(Required work)
Use the entries below to count the lines that hold the word "rect"; answer with the number only.

▽

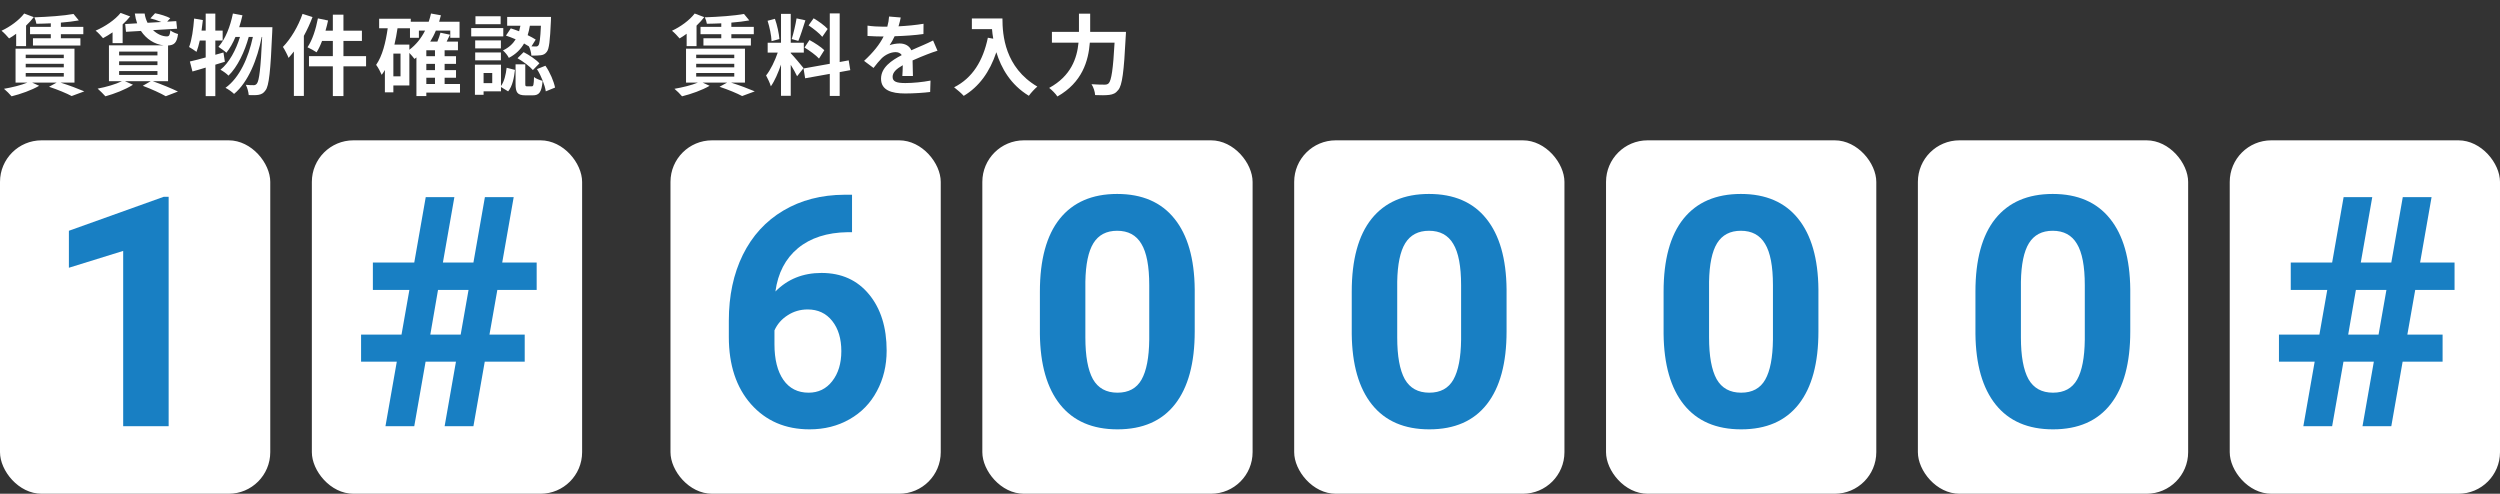 <svg width="481" height="95" viewBox="0 0 481 95" fill="none" xmlns="http://www.w3.org/2000/svg">
<rect x="0" y="0" width="481" height="95" fill="#333333" stroke="none"/>
<rect y="27" width="52" height="68" rx="8" fill="white"/>
<path d="M32.448 82H23.699V48.275L13.255 51.515V44.4L31.51 37.861H32.448V82Z" fill="#187FC3"/>
<rect x="60" y="27" width="52" height="68" rx="8" fill="white"/>
<path d="M87.726 69.588H81.883L79.703 82H74.163L76.343 69.588H69.471V64.381H77.251L78.765 55.783H71.741V50.516H79.703L81.913 37.922H87.423L85.213 50.516H91.086L93.296 37.922H98.836L96.626 50.516H103.256V55.783H95.688L94.174 64.381H100.955V69.588H93.266L91.086 82H85.546L87.726 69.588ZM82.791 64.381H88.634L90.147 55.783H84.274L82.791 64.381Z" fill="#187FC3"/>
<rect x="129" y="27" width="52" height="68" rx="8" fill="white"/>
<path d="M163.931 37.468V44.673H163.083C159.127 44.733 155.938 45.763 153.517 47.761C151.115 49.759 149.672 52.534 149.188 56.086C151.529 53.704 154.485 52.514 158.058 52.514C161.892 52.514 164.94 53.886 167.2 56.631C169.461 59.376 170.591 62.988 170.591 67.469C170.591 70.335 169.965 72.928 168.714 75.249C167.483 77.57 165.727 79.376 163.446 80.668C161.186 81.96 158.623 82.606 155.757 82.606C151.115 82.606 147.361 80.991 144.495 77.762C141.649 74.533 140.227 70.224 140.227 64.835V61.687C140.227 56.903 141.125 52.685 142.921 49.032C144.737 45.359 147.331 42.523 150.701 40.525C154.092 38.507 158.017 37.488 162.478 37.468H163.931ZM155.394 59.537C153.981 59.537 152.699 59.91 151.549 60.657C150.398 61.384 149.551 62.352 149.006 63.563V66.228C149.006 69.154 149.581 71.445 150.731 73.1C151.882 74.734 153.496 75.552 155.575 75.552C157.452 75.552 158.966 74.815 160.116 73.342C161.287 71.848 161.872 69.921 161.872 67.56C161.872 65.158 161.287 63.22 160.116 61.747C158.946 60.274 157.371 59.537 155.394 59.537Z" fill="#187FC3"/>
<rect x="189" y="27" width="52" height="68" rx="8" fill="white"/>
<path d="M229.864 63.775C229.864 69.87 228.603 74.533 226.08 77.762C223.557 80.991 219.864 82.606 215 82.606C210.197 82.606 206.523 81.021 203.98 77.853C201.438 74.684 200.136 70.143 200.075 64.23V56.116C200.075 49.961 201.347 45.288 203.89 42.1C206.453 38.911 210.136 37.316 214.939 37.316C219.743 37.316 223.416 38.901 225.959 42.069C228.502 45.218 229.804 49.749 229.864 55.662V63.775ZM221.115 54.875C221.115 51.222 220.611 48.568 219.602 46.913C218.613 45.238 217.059 44.4 214.939 44.4C212.881 44.4 211.357 45.198 210.368 46.792C209.399 48.366 208.885 50.839 208.824 54.209V64.926C208.824 68.518 209.309 71.192 210.277 72.948C211.266 74.684 212.84 75.552 215 75.552C217.139 75.552 218.683 74.714 219.632 73.039C220.58 71.364 221.075 68.801 221.115 65.35V54.875Z" fill="#187FC3"/>
<rect x="249" y="27" width="52" height="68" rx="8" fill="white"/>
<path d="M289.864 63.775C289.864 69.87 288.603 74.533 286.08 77.762C283.557 80.991 279.864 82.606 275 82.606C270.197 82.606 266.523 81.021 263.98 77.853C261.438 74.684 260.136 70.143 260.075 64.23V56.116C260.075 49.961 261.347 45.288 263.89 42.1C266.453 38.911 270.136 37.316 274.939 37.316C279.743 37.316 283.416 38.901 285.959 42.069C288.502 45.218 289.804 49.749 289.864 55.662V63.775ZM281.115 54.875C281.115 51.222 280.611 48.568 279.602 46.913C278.613 45.238 277.059 44.4 274.939 44.4C272.881 44.4 271.357 45.198 270.368 46.792C269.399 48.366 268.885 50.839 268.824 54.209V64.926C268.824 68.518 269.309 71.192 270.277 72.948C271.266 74.684 272.84 75.552 275 75.552C277.139 75.552 278.683 74.714 279.632 73.039C280.58 71.364 281.075 68.801 281.115 65.35V54.875Z" fill="#187FC3"/>
<rect x="309" y="27" width="52" height="68" rx="8" fill="white"/>
<path d="M349.864 63.775C349.864 69.87 348.603 74.533 346.08 77.762C343.557 80.991 339.864 82.606 335 82.606C330.197 82.606 326.523 81.021 323.98 77.853C321.438 74.684 320.136 70.143 320.075 64.23V56.116C320.075 49.961 321.347 45.288 323.89 42.1C326.453 38.911 330.136 37.316 334.939 37.316C339.743 37.316 343.416 38.901 345.959 42.069C348.502 45.218 349.804 49.749 349.864 55.662V63.775ZM341.115 54.875C341.115 51.222 340.611 48.568 339.602 46.913C338.613 45.238 337.059 44.4 334.939 44.4C332.881 44.4 331.357 45.198 330.368 46.792C329.399 48.366 328.885 50.839 328.824 54.209V64.926C328.824 68.518 329.309 71.192 330.277 72.948C331.266 74.684 332.84 75.552 335 75.552C337.139 75.552 338.683 74.714 339.632 73.039C340.58 71.364 341.075 68.801 341.115 65.35V54.875Z" fill="#187FC3"/>
<rect x="369" y="27" width="52" height="68" rx="8" fill="white"/>
<path d="M409.864 63.775C409.864 69.87 408.603 74.533 406.08 77.762C403.557 80.991 399.864 82.606 395 82.606C390.197 82.606 386.523 81.021 383.98 77.853C381.438 74.684 380.136 70.143 380.075 64.23V56.116C380.075 49.961 381.347 45.288 383.89 42.1C386.453 38.911 390.136 37.316 394.939 37.316C399.743 37.316 403.416 38.901 405.959 42.069C408.502 45.218 409.804 49.749 409.864 55.662V63.775ZM401.115 54.875C401.115 51.222 400.611 48.568 399.602 46.913C398.613 45.238 397.059 44.4 394.939 44.4C392.881 44.4 391.357 45.198 390.368 46.792C389.399 48.366 388.885 50.839 388.824 54.209V64.926C388.824 68.518 389.309 71.192 390.277 72.948C391.266 74.684 392.84 75.552 395 75.552C397.139 75.552 398.683 74.714 399.632 73.039C400.58 71.364 401.075 68.801 401.115 65.35V54.875Z" fill="#187FC3"/>
<rect x="429" y="27" width="52" height="68" rx="8" fill="white"/>
<path d="M456.726 69.588H450.883L448.703 82H443.163L445.343 69.588H438.471V64.381H446.251L447.765 55.783H440.741V50.516H448.703L450.913 37.922H456.423L454.213 50.516H460.086L462.296 37.922H467.836L465.626 50.516H472.256V55.783H464.688L463.174 64.381H469.955V69.588H462.266L460.086 82H454.546L456.726 69.588ZM451.791 64.381H457.634L459.147 55.783H453.274L451.791 64.381Z" fill="#187FC3"/>
<path d="M9.775 5.168H5.78V6.579H9.775V7.361H6.341V8.755H15.47V7.361H11.713V6.579H16.031V5.168H11.713V4.352C12.971 4.25 14.161 4.114 15.164 3.927L14.144 2.686C12.325 3.026 9.248 3.247 6.613 3.332C6.783 3.672 6.953 4.233 7.004 4.573C7.888 4.556 8.823 4.539 9.775 4.488V5.168ZM3.111 8.874H5.015V4.93C5.576 4.403 6.069 3.842 6.494 3.298L4.658 2.601C3.655 3.91 1.938 5.151 0.289 5.916C0.731 6.256 1.428 7.004 1.751 7.395C2.193 7.14 2.652 6.834 3.111 6.494V8.874ZM4.947 14.042H12.274V14.739H4.947V14.042ZM4.947 12.274H12.274V12.954H4.947V12.274ZM4.947 10.523H12.274V11.186H4.947V10.523ZM14.331 15.895V9.367H2.992V15.895H5.27C4.08 16.388 2.346 16.813 0.765 17.085C1.19 17.425 1.904 18.139 2.227 18.53C3.961 18.105 6.12 17.34 7.531 16.507L6.188 15.895H10.897L9.435 16.694C11.135 17.255 12.835 17.969 13.787 18.479L16.218 17.578C15.113 17.102 13.311 16.422 11.662 15.895H14.331ZM21.658 8.296H23.596V4.692C24.14 4.199 24.633 3.689 25.041 3.162L23.205 2.482C22.117 3.842 20.23 5.1 18.394 5.899C18.819 6.205 19.499 6.953 19.822 7.344C20.417 7.021 21.046 6.647 21.658 6.222V8.296ZM22.916 13.668H30.294V14.416H22.916V13.668ZM22.916 11.798H30.294V12.529H22.916V11.798ZM22.916 9.928H30.294V10.659H22.916V9.928ZM32.334 15.623V8.755C33.507 8.687 34.034 8.245 34.255 6.545C33.796 6.426 33.15 6.154 32.776 5.848C32.691 6.715 32.572 6.987 32.13 7.004C31.212 7.004 30.243 6.562 29.444 5.797L34.068 5.525L33.915 4.063L32.164 4.165L32.759 3.502C32.079 3.128 30.77 2.72 29.835 2.55L28.934 3.536C29.597 3.706 30.396 3.961 31.042 4.233L28.39 4.386C28.118 3.842 27.914 3.247 27.829 2.601H25.942C26.027 3.281 26.18 3.91 26.384 4.488L24.089 4.624L24.242 6.12L27.115 5.95C28.169 7.531 29.75 8.534 31.467 8.721H20.961V15.623H23.46C22.287 16.201 20.434 16.745 18.785 17.051C19.21 17.408 19.924 18.139 20.281 18.53C21.998 18.054 24.174 17.221 25.585 16.303L24.038 15.623H29.002L27.472 16.507C29.189 17.153 30.923 17.952 31.892 18.513L34.238 17.612C33.082 17.051 31.127 16.235 29.393 15.623H32.334ZM42.993 10.098L41.429 10.54V7.803H42.84V5.882H41.429V2.618H39.576V5.882H38.777C38.879 5.202 38.964 4.539 39.032 3.859L37.349 3.57C37.196 5.576 36.907 7.701 36.38 9.044C36.754 9.265 37.502 9.724 37.808 9.979C38.046 9.367 38.25 8.636 38.437 7.803H39.576V11.05C38.42 11.373 37.383 11.645 36.533 11.832L37.026 13.753C37.808 13.549 38.658 13.277 39.576 13.005V18.496H41.429V12.444C42.058 12.257 42.653 12.053 43.265 11.883L42.993 10.098ZM46.019 5.236C46.257 4.488 46.478 3.723 46.648 2.941L44.812 2.601C44.302 5.1 43.367 7.531 42.024 9.01C42.432 9.265 43.231 9.826 43.554 10.149C44.217 9.333 44.812 8.279 45.305 7.106H46.172C45.424 9.571 44.098 12.087 42.415 13.413C42.942 13.702 43.588 14.161 43.962 14.552C45.679 12.92 47.107 9.877 47.855 7.106H48.654C47.804 11.084 46.104 14.943 43.384 16.898C43.945 17.187 44.642 17.68 45.033 18.071C47.77 15.81 49.521 11.39 50.354 7.106H50.439C50.167 13.209 49.861 15.521 49.436 16.065C49.232 16.32 49.062 16.388 48.807 16.388C48.484 16.388 47.923 16.388 47.294 16.32C47.6 16.881 47.804 17.714 47.855 18.292C48.586 18.326 49.3 18.326 49.776 18.241C50.337 18.122 50.711 17.935 51.102 17.357C51.748 16.507 52.054 13.736 52.377 6.154C52.394 5.916 52.411 5.236 52.411 5.236H46.019ZM58.208 2.669C57.375 5.083 55.93 7.497 54.434 9.027C54.774 9.537 55.335 10.625 55.522 11.135C55.862 10.761 56.202 10.336 56.542 9.911V18.462H58.463V6.902C59.109 5.729 59.67 4.488 60.129 3.281L58.208 2.669ZM70.431 10.795H66.079V7.871H69.632V5.899H66.079V2.822H64.039V5.899H62.628C62.815 5.253 62.985 4.607 63.121 3.944L61.166 3.536C60.775 5.61 60.078 7.769 59.16 9.095C59.653 9.316 60.537 9.792 60.911 10.064C61.285 9.469 61.659 8.704 61.965 7.871H64.039V10.795H59.449V12.767H64.039V18.479H66.079V12.767H70.431V10.795ZM82.025 14.96H83.691V16.167H82.025V14.96ZM78.761 8.585H75.888C76.126 7.565 76.33 6.511 76.483 5.44H78.88V7.276H80.597V5.882H81.787C81.039 7.378 80.019 8.636 78.761 9.571V8.585ZM77.061 14.688H75.684V10.319H77.061V14.688ZM83.691 10.812H82.025V9.673H83.691V10.812ZM83.691 13.498H82.025V12.291H83.691V13.498ZM88.502 16.167H85.544V14.96H87.737V13.498H85.544V12.291H87.737V10.812H85.544V9.673H88.111V8.007H85.935C86.156 7.582 86.377 7.14 86.581 6.681L84.745 6.29C84.626 6.8 84.388 7.429 84.15 8.007H82.773C83.181 7.344 83.555 6.647 83.861 5.882H86.632V7.276H88.417V4.182H84.49C84.609 3.774 84.728 3.366 84.83 2.941L82.926 2.601C82.807 3.145 82.654 3.672 82.484 4.182H79.033V3.604H72.947V5.44H74.596C74.205 8.211 73.559 10.778 72.369 12.478C72.726 12.92 73.253 13.94 73.44 14.399C73.661 14.11 73.865 13.787 74.052 13.464V17.765H75.684V16.439H78.761V10.183C79.135 10.574 79.56 11.084 79.747 11.339C79.866 11.254 80.002 11.152 80.121 11.05V18.479H82.025V17.816H88.502V16.167ZM104.074 4.947C103.955 7.463 103.819 8.466 103.581 8.738C103.445 8.908 103.292 8.959 103.071 8.942C102.901 8.942 102.612 8.942 102.255 8.925L103.071 7.616C102.663 7.344 102.119 7.055 101.524 6.766C101.711 6.171 101.847 5.559 101.949 4.947H104.074ZM97.342 6.851C97.937 7.038 98.583 7.293 99.212 7.565C98.702 8.398 97.937 9.146 96.764 9.707C97.172 10.03 97.699 10.693 97.903 11.135C99.297 10.404 100.215 9.452 100.827 8.364C101.167 8.551 101.473 8.738 101.762 8.925C102.017 9.401 102.204 10.149 102.238 10.693C102.969 10.71 103.666 10.693 104.074 10.625C104.55 10.557 104.873 10.404 105.196 9.979C105.655 9.435 105.825 7.854 105.995 4.012C106.012 3.774 106.012 3.264 106.012 3.264H97.58V4.947H100.13C100.062 5.304 99.977 5.661 99.875 6.018C99.331 5.814 98.787 5.61 98.277 5.457L97.342 6.851ZM99.569 11.203C100.657 11.832 101.949 12.784 102.527 13.481L103.785 12.189C103.139 11.458 101.83 10.591 100.742 10.03L99.569 11.203ZM96.322 3.128H91.477V4.658H96.322V3.128ZM96.832 5.406H90.661V7.004H96.832V5.406ZM96.373 7.769H91.426V9.316H96.373V7.769ZM91.426 11.611H96.373V10.098H91.426V11.611ZM94.707 15.997H93.041V14.042H94.707V15.997ZM96.39 12.444H91.375V18.241H93.041V17.578H96.39V16.745L97.767 17.578C98.6 16.575 98.906 14.96 99.076 13.447L97.478 13.039C97.325 14.348 97.019 15.691 96.39 16.541V12.444ZM101.405 16.609C101.099 16.609 101.065 16.558 101.065 16.082V12.376H99.195V16.099C99.195 17.782 99.518 18.343 101.116 18.343H102.51C103.717 18.343 104.21 17.782 104.397 15.555C103.887 15.419 103.088 15.13 102.748 14.824C102.697 16.388 102.629 16.609 102.306 16.609H101.405ZM103.309 13.294C104.142 14.603 104.839 16.405 105.009 17.578L106.794 16.847C106.556 15.674 105.842 13.94 104.941 12.648L103.309 13.294Z" fill="white"/>
<path d="M138.775 5.168H134.78V6.579H138.775V7.361H135.341V8.755H144.47V7.361H140.713V6.579H145.031V5.168H140.713V4.352C141.971 4.25 143.161 4.114 144.164 3.927L143.144 2.686C141.325 3.026 138.248 3.247 135.613 3.332C135.783 3.672 135.953 4.233 136.004 4.573C136.888 4.556 137.823 4.539 138.775 4.488V5.168ZM132.111 8.874H134.015V4.93C134.576 4.403 135.069 3.842 135.494 3.298L133.658 2.601C132.655 3.91 130.938 5.151 129.289 5.916C129.731 6.256 130.428 7.004 130.751 7.395C131.193 7.14 131.652 6.834 132.111 6.494V8.874ZM133.947 14.042H141.274V14.739H133.947V14.042ZM133.947 12.274H141.274V12.954H133.947V12.274ZM133.947 10.523H141.274V11.186H133.947V10.523ZM143.331 15.895V9.367H131.992V15.895H134.27C133.08 16.388 131.346 16.813 129.765 17.085C130.19 17.425 130.904 18.139 131.227 18.53C132.961 18.105 135.12 17.34 136.531 16.507L135.188 15.895H139.897L138.435 16.694C140.135 17.255 141.835 17.969 142.787 18.479L145.218 17.578C144.113 17.102 142.311 16.422 140.662 15.895H143.331ZM159.243 5.576C158.699 4.947 157.492 4.08 156.54 3.519L155.571 4.879C156.506 5.508 157.679 6.426 158.206 7.089L159.243 5.576ZM154.789 9.146C155.775 9.741 157.016 10.642 157.577 11.271L158.597 9.656C157.985 9.044 156.727 8.228 155.741 7.701L154.789 9.146ZM153.259 3.536C153.072 4.726 152.664 6.443 152.324 7.514L153.599 7.871C154.024 6.885 154.517 5.27 154.959 3.91L153.259 3.536ZM149.961 7.514C149.876 6.46 149.536 4.845 149.094 3.621L147.683 3.995C148.074 5.219 148.414 6.868 148.448 7.922L149.961 7.514ZM154.602 13.107C154.245 12.631 152.63 10.727 152.137 10.234V10.115H154.653V8.228H152.137V2.669H150.267V8.228H147.7V10.115H149.638C149.111 11.662 148.244 13.481 147.394 14.518C147.7 15.079 148.142 15.997 148.312 16.609C149.043 15.589 149.723 14.008 150.267 12.427V18.428H152.137V12.461C152.63 13.243 153.106 14.127 153.361 14.671L154.602 13.107ZM163.595 13.498L163.289 11.611L161.555 11.934V2.584H159.651V12.274L154.602 13.175L154.908 15.062L159.651 14.212V18.462H161.555V13.872L163.595 13.498ZM173.302 3.366L171.058 3.179C171.024 3.791 170.905 4.454 170.718 5.134C170.446 5.134 170.157 5.134 169.902 5.134C169.035 5.134 167.777 5.066 166.91 4.93V6.919C167.845 6.987 169.086 7.021 169.783 7.021C169.851 7.021 169.919 7.021 170.004 7.021C169.239 8.551 168.032 10.064 166.247 11.713L168.066 13.073C168.644 12.325 169.137 11.713 169.647 11.203C170.293 10.574 171.347 10.03 172.299 10.03C172.775 10.03 173.234 10.183 173.489 10.608C171.551 11.611 169.511 12.971 169.511 15.147C169.511 17.34 171.483 17.986 174.152 17.986C175.75 17.986 177.841 17.85 178.963 17.697L179.031 15.504C177.535 15.793 175.648 15.98 174.203 15.98C172.537 15.98 171.738 15.725 171.738 14.79C171.738 13.94 172.418 13.277 173.693 12.546C173.676 13.294 173.659 14.11 173.608 14.62H175.648C175.631 13.838 175.597 12.58 175.58 11.628C176.617 11.152 177.586 10.778 178.351 10.472C178.929 10.251 179.83 9.911 180.374 9.758L179.524 7.786C178.895 8.109 178.3 8.381 177.637 8.67C176.94 8.976 176.226 9.265 175.342 9.673C174.968 8.806 174.118 8.364 173.081 8.364C172.52 8.364 171.602 8.5 171.16 8.704C171.5 8.211 171.84 7.599 172.129 6.97C173.965 6.919 176.056 6.783 177.671 6.545L177.688 4.573C176.192 4.828 174.492 4.981 172.877 5.066C173.098 4.352 173.217 3.791 173.302 3.366ZM186.987 3.553V5.61H190.863C190.914 6.188 190.982 6.8 191.101 7.446L190.064 7.259C189.129 11.73 187.106 15.011 183.57 16.796C184.097 17.187 185.049 18.02 185.423 18.445C188.381 16.677 190.421 13.855 191.696 10.047C192.631 13.09 194.433 16.303 197.952 18.428C198.309 17.901 199.142 17.017 199.584 16.66C193.328 12.971 192.869 6.766 192.869 3.553H186.987ZM209.75 6.137V2.635H207.591V6.137H202.389V8.211H207.506C207.217 11.186 206.078 14.62 201.862 16.915C202.355 17.289 203.12 18.054 203.443 18.564C208.22 15.861 209.41 11.73 209.682 8.211H214.442C214.17 13.26 213.83 15.487 213.32 16.014C213.082 16.235 212.878 16.286 212.521 16.286C212.079 16.286 211.076 16.286 210.005 16.201C210.396 16.779 210.668 17.68 210.702 18.292C211.739 18.343 212.793 18.343 213.422 18.258C214.153 18.156 214.646 17.969 215.156 17.306C215.904 16.422 216.244 13.872 216.584 7.106C216.618 6.834 216.635 6.137 216.635 6.137H209.75Z" fill="white"/>
</svg>

△

(Solution for this problem)
9